__Exercise description__
Copy the data below exactly, omitting any picture it contains.

__Given information__
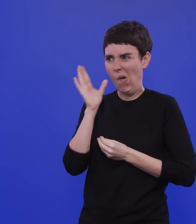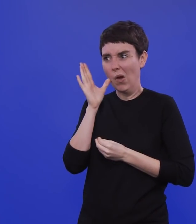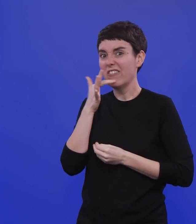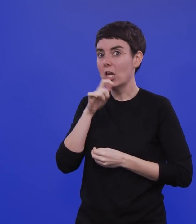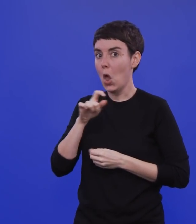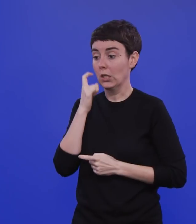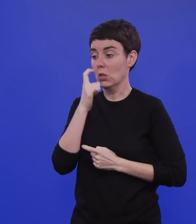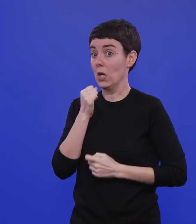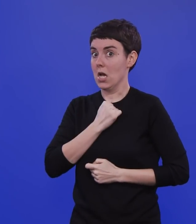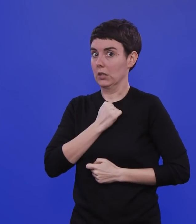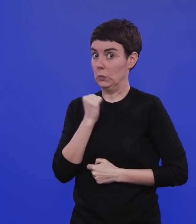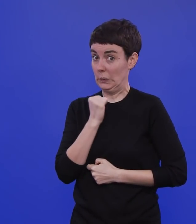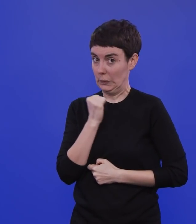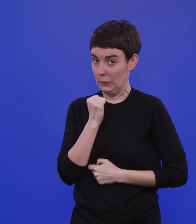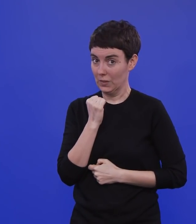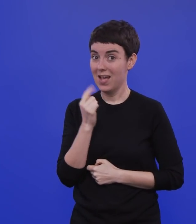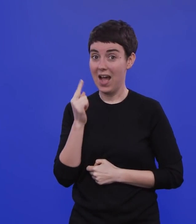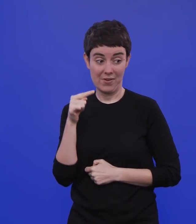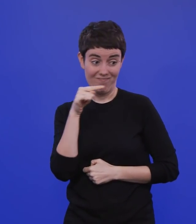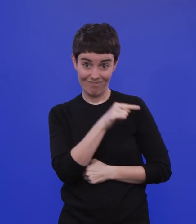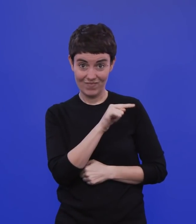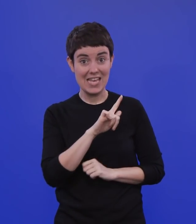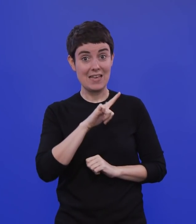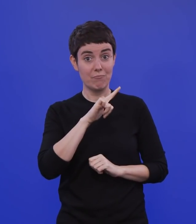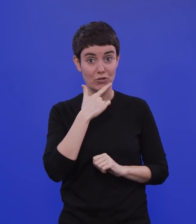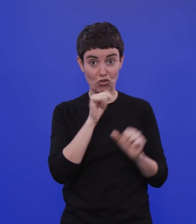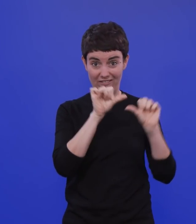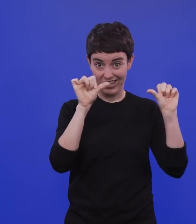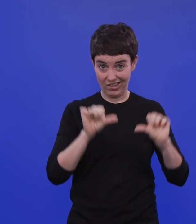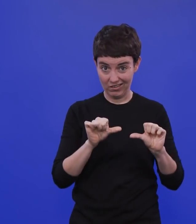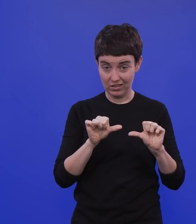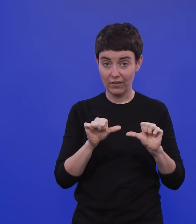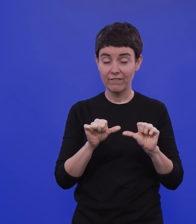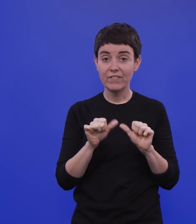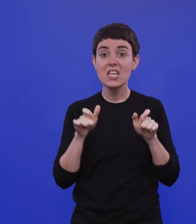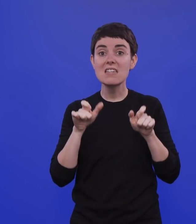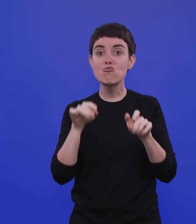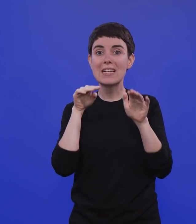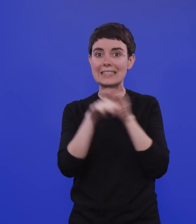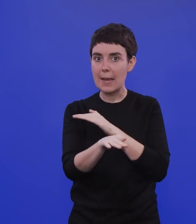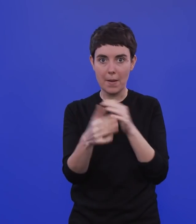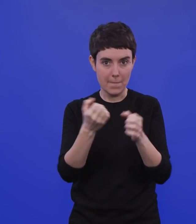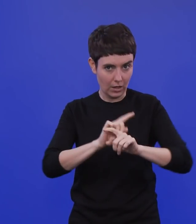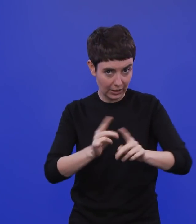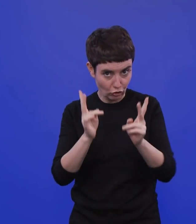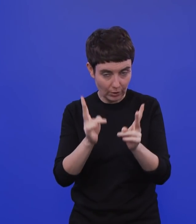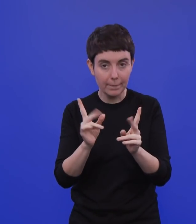weiß, macht sie keinen Immun-Escape. Also sie weicht nicht den Antikörpern aus, die nach überstandener Infektion oder Impfung vor dem Virus schützen sollen.
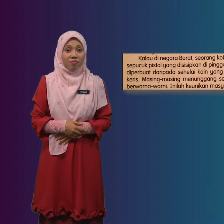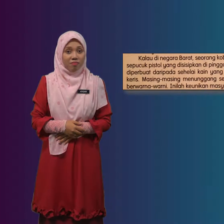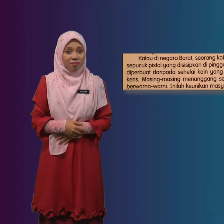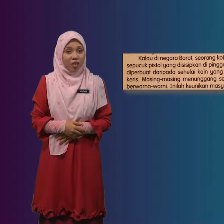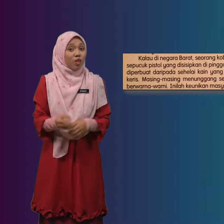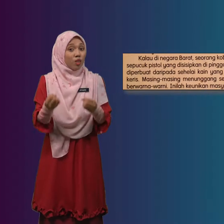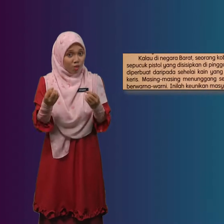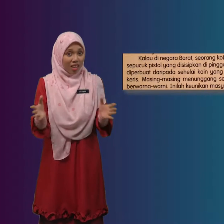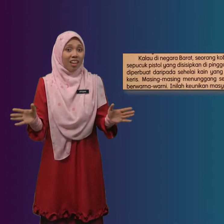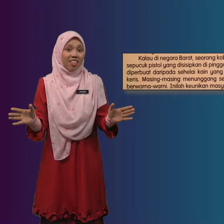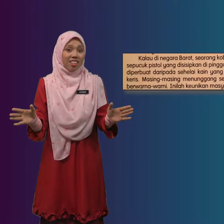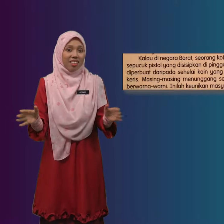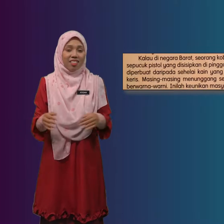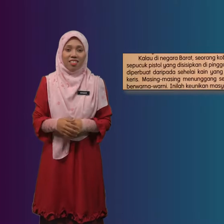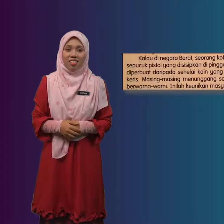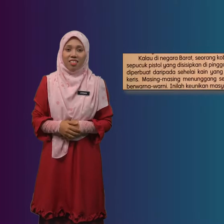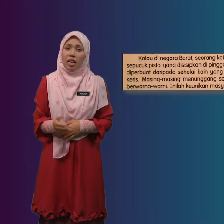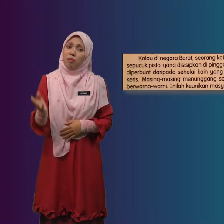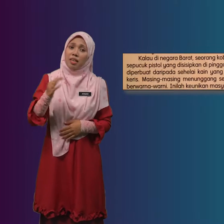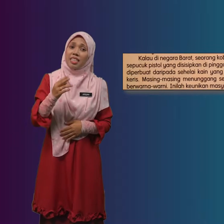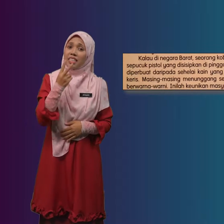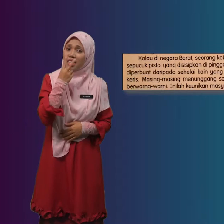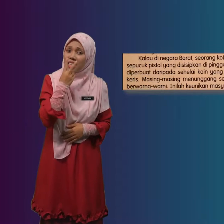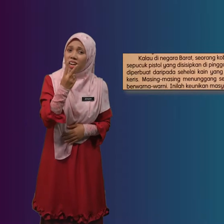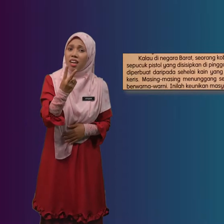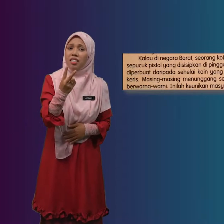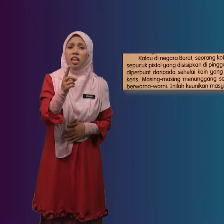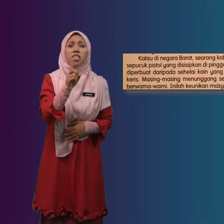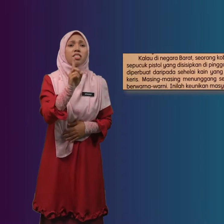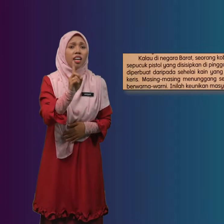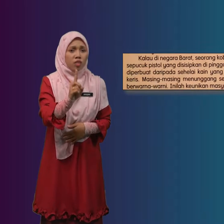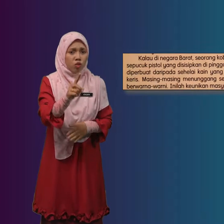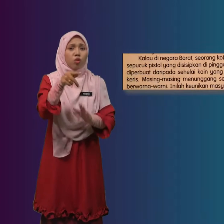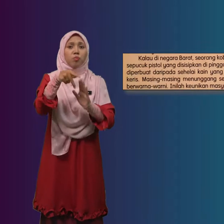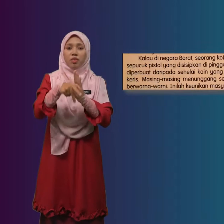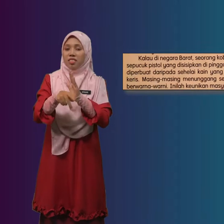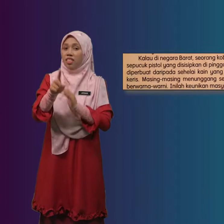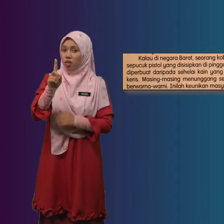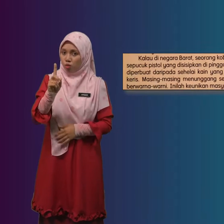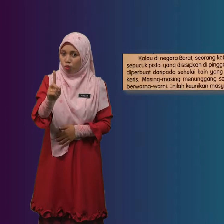Sudah Mari kita Lihat Satu Persatu
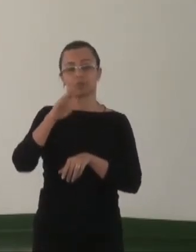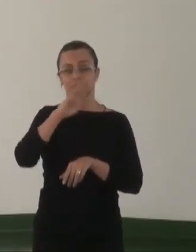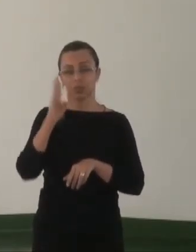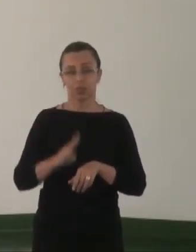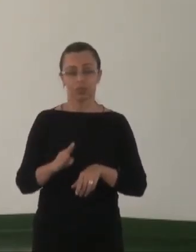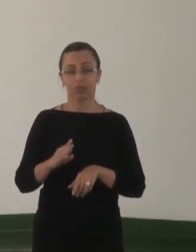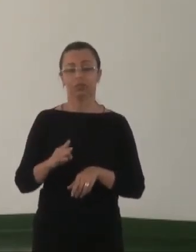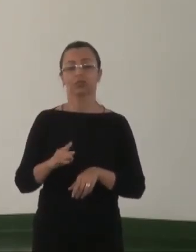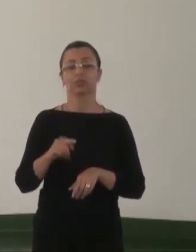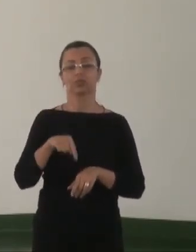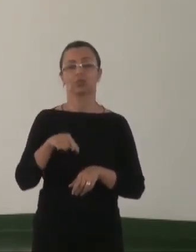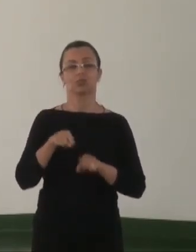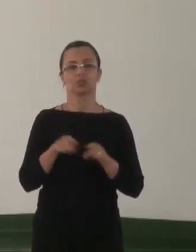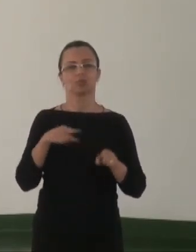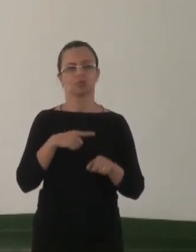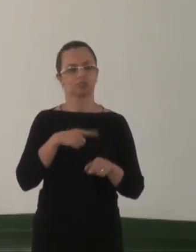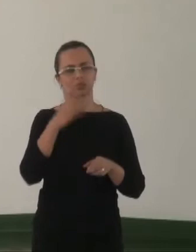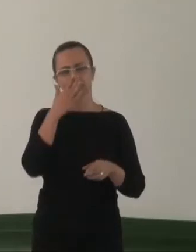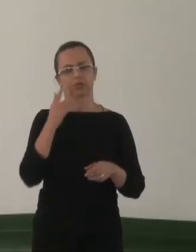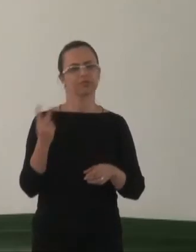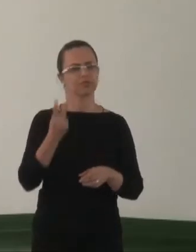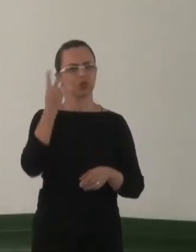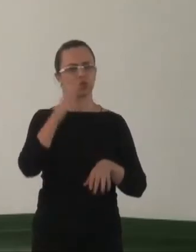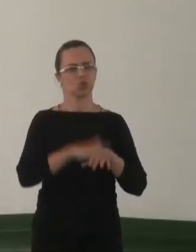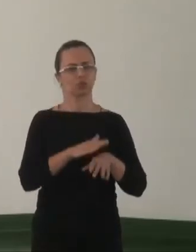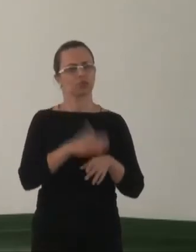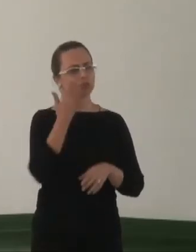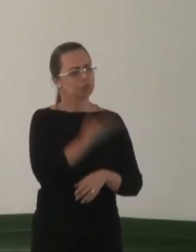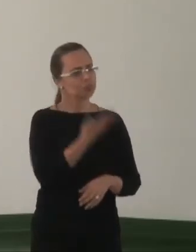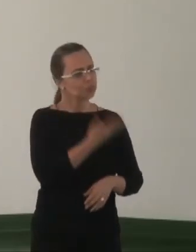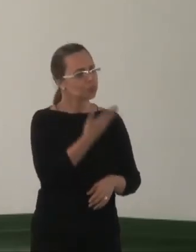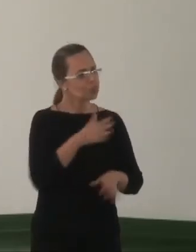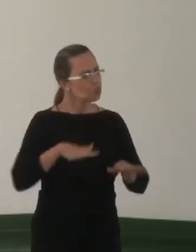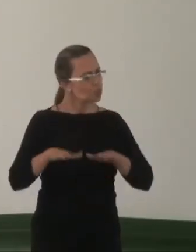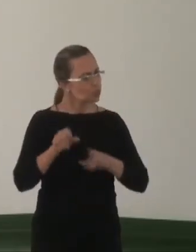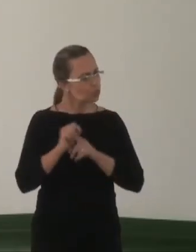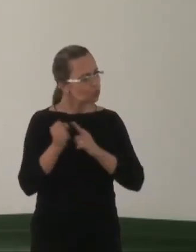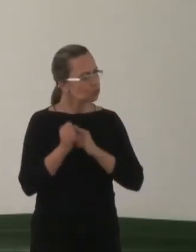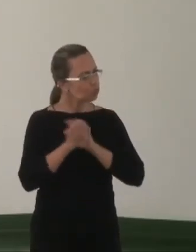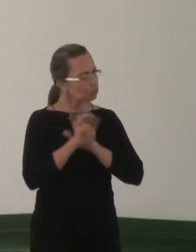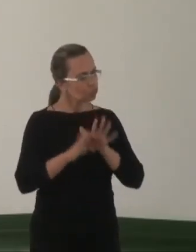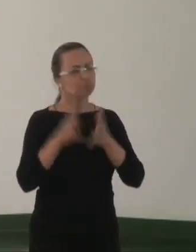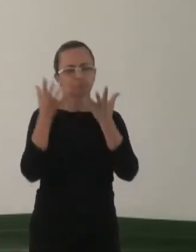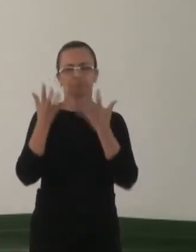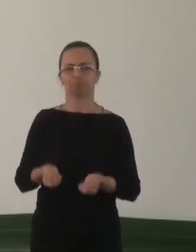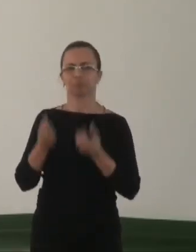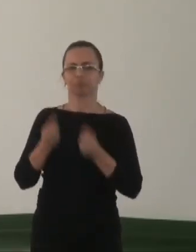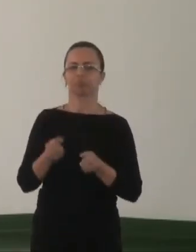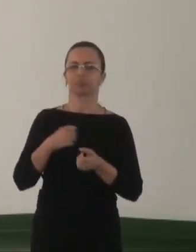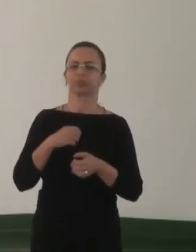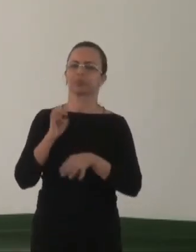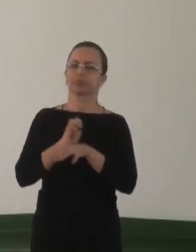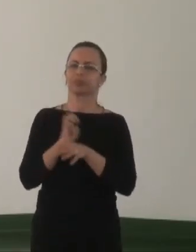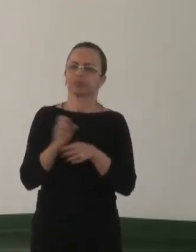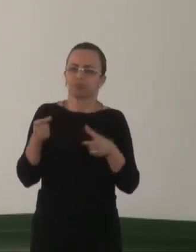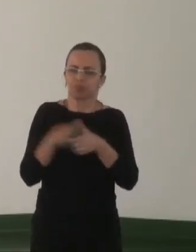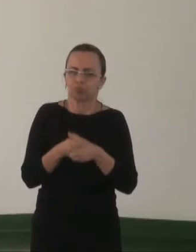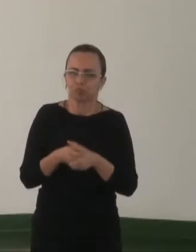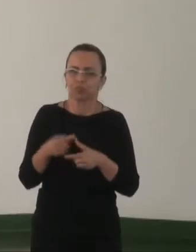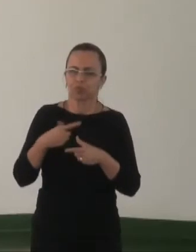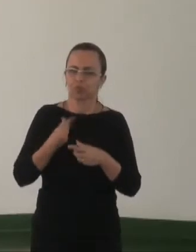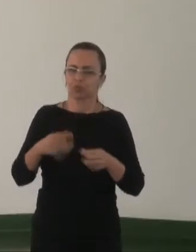LGBT. Tudo o que foi pedido pelo movimento social, o Piauí conseguiu abarcar naquele estado tão pequeno e cheio de

__Exercise solution__
weiß, macht sie keinen Immun-Escape. Also sie weicht nicht den Antikörpern aus, die nach überstandener Infektion oder Impfung vor dem Virus schützen sollen.
Sudah Mari kita Lihat Satu Persatu
LGBT. Tudo o que foi pedido pelo movimento social, o Piauí conseguiu abarcar naquele estado tão pequeno e cheio de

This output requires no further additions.